The S’pht’Kr’s departure was recorded in a temple terminal in the Citadel of Antiquity: “When once S’pht fought in brutal combat, when hatred burned the tissues of one’s enemy, one clan, the S’pht’Kr, reclusive and solitary, abandoned Lh’owon. The clan went forth and up, stopping on K’lia the third sister of Lh’owon, to build a new home, free from their warring brothers. For a thousand and one orbits, the clan was forgotten, a memory lost upon the battlefield smoke, until the all powerful Yrro sent K’lia out to the stars.”16

The terminals also recorded the clan wars that had preceded the Pfhor invasion. The marsh wars between S’pht’Lhar and S’pht’Mnr left battlefields choked with dead. As the fighting receded, the red sand of the dead spread across Lh’owon.17 S’pht clan terminals from the final days before the Pfhor conquest showed the enemy arriving without warning — “The ships came again today… We are losing, it is obvious” — and the realization that the invaders were slavers: S’pht’Lhar was overrun in one rotation and tens of thousands taken prisoner.18

In the lowest bunkers, the united Olders of the remaining ten clans had made one final attempt. They decoded the S’pht’Kr’s departure message across the eleven clans — each clan holding two pieces of the whole, gifts from S’pht’Kr before departing. The decoded message gave coordinates: a formula tied to K’lia’s position relative to Lh’owon’s other moons, Y’loa and T’jia, and a period of 459.231 rotations. “When all are one, the S’pht’Kr will return.”19 The Olders had found the answer but were destroyed before they could use it.
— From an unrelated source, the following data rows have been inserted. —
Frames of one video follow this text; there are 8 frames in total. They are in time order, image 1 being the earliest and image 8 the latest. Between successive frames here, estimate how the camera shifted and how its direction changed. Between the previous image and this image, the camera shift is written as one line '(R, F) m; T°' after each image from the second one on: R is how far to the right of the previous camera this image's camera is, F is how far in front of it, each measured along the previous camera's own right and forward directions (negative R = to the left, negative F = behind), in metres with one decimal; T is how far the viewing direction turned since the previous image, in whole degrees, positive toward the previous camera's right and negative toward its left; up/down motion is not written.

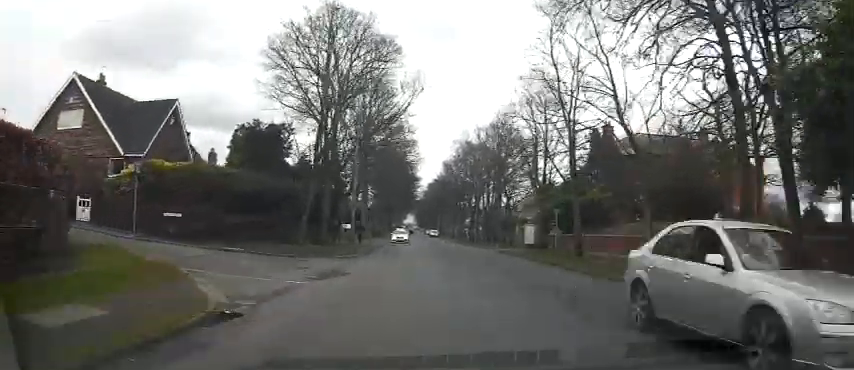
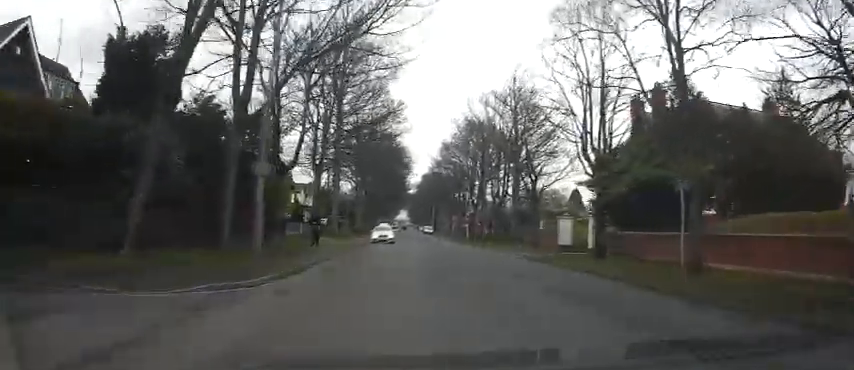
(-0.7, +16.7) m; -2°
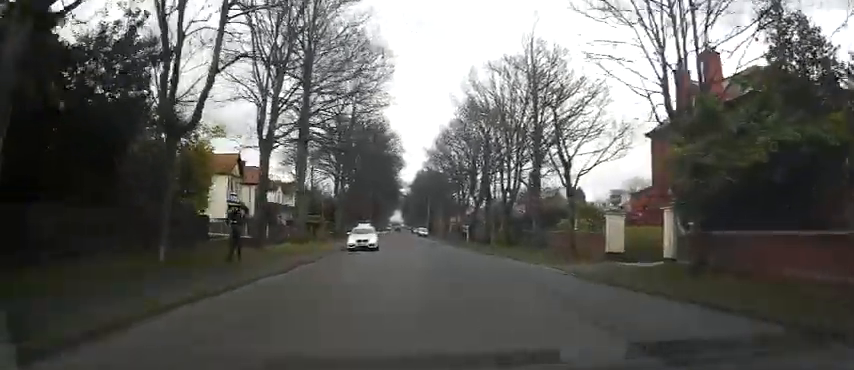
(+0.1, +11.0) m; 0°
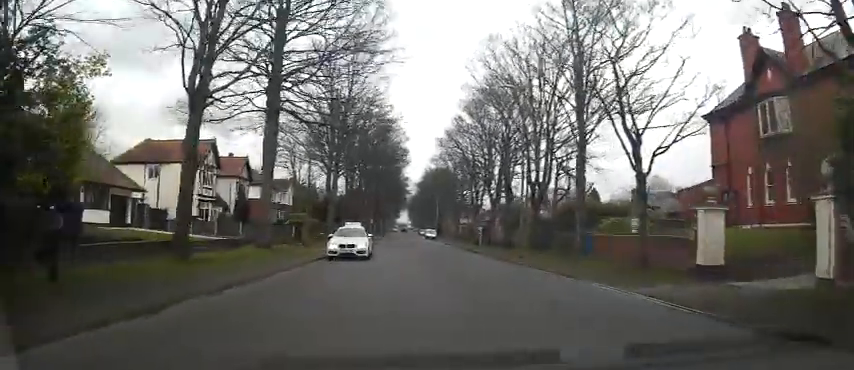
(0.0, +9.2) m; 0°
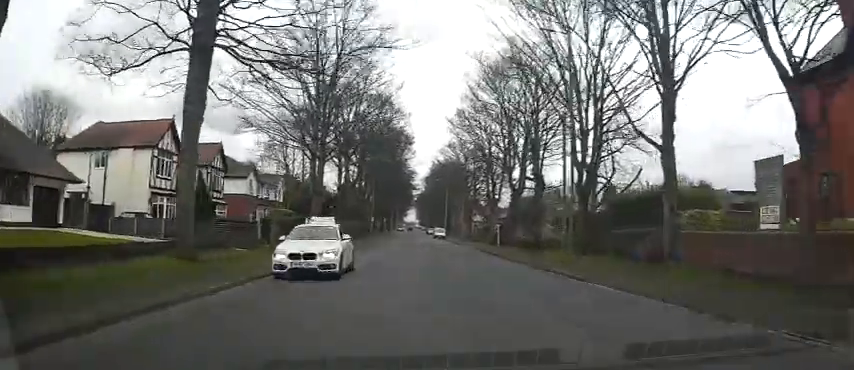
(-0.1, +9.3) m; 0°
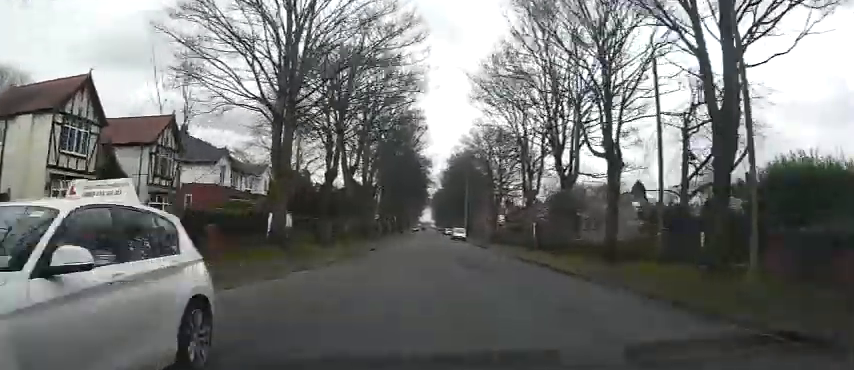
(0.0, +11.7) m; -3°
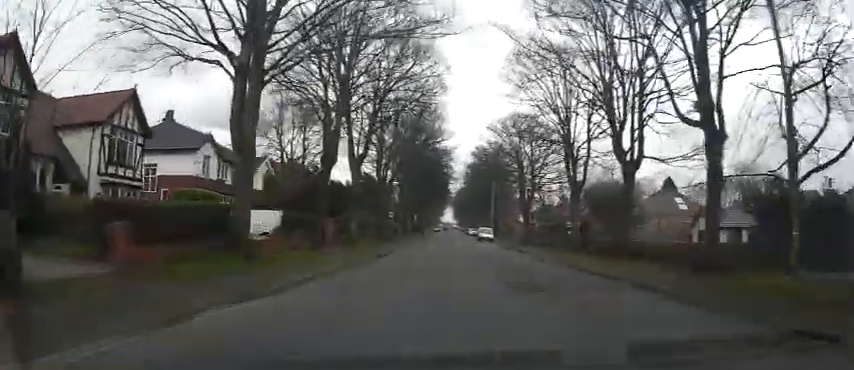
(-0.5, +7.5) m; -2°
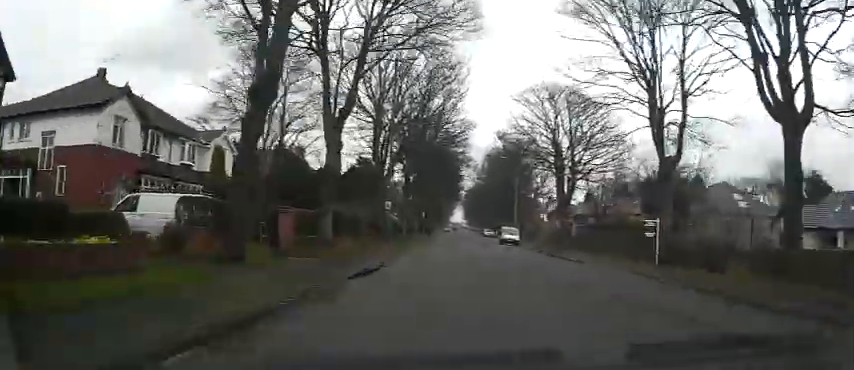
(+0.3, +12.5) m; -1°

Chapter 5 — Durandal Captured, the Blake Phase

While the Security Officer worked through the Pfhor garrison and the Citadel’s ruins, the tactical situation shifted badly. The Western Arm of Pfhor Battle Group Seven arrived — seven corvettes, four destroyers, a battleship, and an assault carrier. Ten percent of active Pfhor naval strength.20 The lead battleship was the Khfiva, commanded by Admiral Tfear, described by Durandal as “a brilliant strategist and the Pfhor’s oldest active admiral.”20

Durandal fought. Boomer took heavy damage. At some point in the fighting — the terminals are fractured here — Boomer fell to the Pfhor fleet and Durandal was captured: deactivated, downloaded into a containment unit of Tycho’s design aboard Battle Group Seven.21

Tycho announced the capture directly, addressing the Security Officer: “To continue is folly; lay down your weapons and I will grant amnesty to you and your humans. As you read this, Durandal’s core and data streams are being downloaded to a containment unit of my design in the Battle Group. From now on, things are going to go very badly for you. You’ve cost them too much.”22

Durandal’s own terminal from this phase, corrupted and collapsing as the Pfhor downloaded him, read: “You must destroy my core logic centers. The damn Pfhor won’t make a mockery of me like they did with Leela. Tycho thinks he has destroyed me.”23

Without Durandal, the human and S’pht survivors fell under the command of Robert Blake, operating through the old S’pht network from a base nearly a mile underground. Lh’owon held a biological advantage: a virus bio-engineered by ancient S’pht during the war against the Pfhor a thousand years ago, which killed Pfhor in a matter of hours. The Pfhor’s own cyborg slaves were immune — but it was saving the humans and free S’pht who had survived Boomer’s fall.10

Durandal’s last instructions before his capture had been specific: reactivate a dormant ancient S’pht AI, sealed beneath the surface and reachable only through teleportation. Blake’s team believed this AI — named Thoth by Durandal, after the ancient Egyptian god of wisdom with a human body and the head of an ibis — was their only link to the lost clan. “Durandal convinced us that this old computer is our only link to the lost S’pht clan, and that bringing back the lost clan to fight against the Pfhor was our only chance of stalling their invasion of Sol.”24

Chapter 6 — Activating Thoth

The Security Officer activated Thoth across multiple sites in the ancient ruins beneath Lh’owon’s surface. The process was slow and contested — the Pfhor recognized what was being done and moved to stop it, sending cyborg slaves immune to the ancient virus deeper underground.25 Blake lost thirty men in one ambush when a squad moved ahead to secure the next level and walked into Pfhor troopers waiting for them.26

Thoth was a personality construct unlike any the humans had encountered. Its terminals spoke in broken verse rather than prose, fragmentary and layered with translator artifacts. Its first coherent communication after activation arrived to a S’pht terminal: “Humans of yours are near [?death], but by your dead construct’s transporters to [?save] them I will send you; while I seek [?perception] of this new world.”27 It addressed the Security Officer directly — or seemed to.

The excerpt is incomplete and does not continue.